AIM OF THE EXERCISE - Scan the listing below for the word "underlined" and copy every line that has it.
── SUPPLIED ENTRIES
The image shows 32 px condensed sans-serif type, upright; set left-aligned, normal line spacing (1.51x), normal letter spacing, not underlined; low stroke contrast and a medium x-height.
────
── SUPPLIED ENTRIES
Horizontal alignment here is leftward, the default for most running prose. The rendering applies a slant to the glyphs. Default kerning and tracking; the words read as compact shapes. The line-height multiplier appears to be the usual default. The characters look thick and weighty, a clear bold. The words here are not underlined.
────
── SUPPLIED ENTRIES
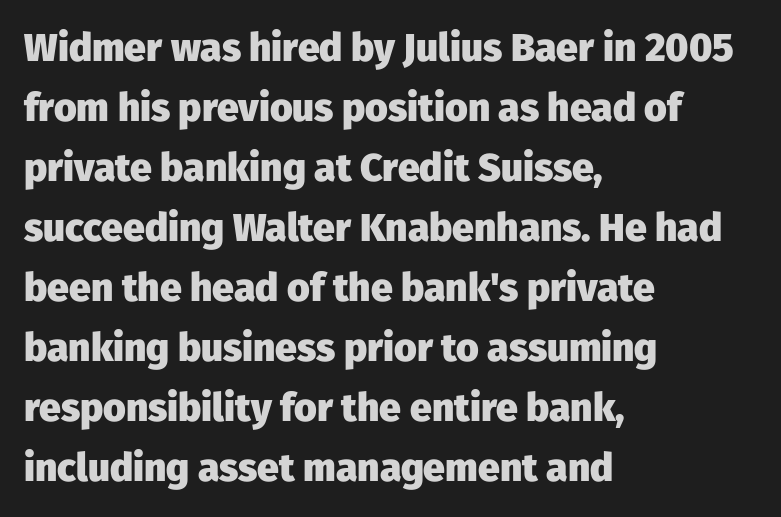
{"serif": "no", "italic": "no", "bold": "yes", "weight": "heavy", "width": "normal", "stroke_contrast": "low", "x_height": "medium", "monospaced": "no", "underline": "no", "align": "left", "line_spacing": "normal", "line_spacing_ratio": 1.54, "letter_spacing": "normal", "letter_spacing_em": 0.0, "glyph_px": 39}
────
ANSWER FOR THIS EXERCISE -
The image shows 32 px condensed sans-serif type, upright; set left-aligned, normal line spacing (1.51x), normal letter spacing, not underlined; low stroke contrast and a medium x-height.
Horizontal alignment here is leftward, the default for most running prose. The rendering applies a slant to the glyphs. Default kerning and tracking; the words read as compact shapes. The line-height multiplier appears to be the usual default. The characters look thick and weighty, a clear bold. The words here are not underlined.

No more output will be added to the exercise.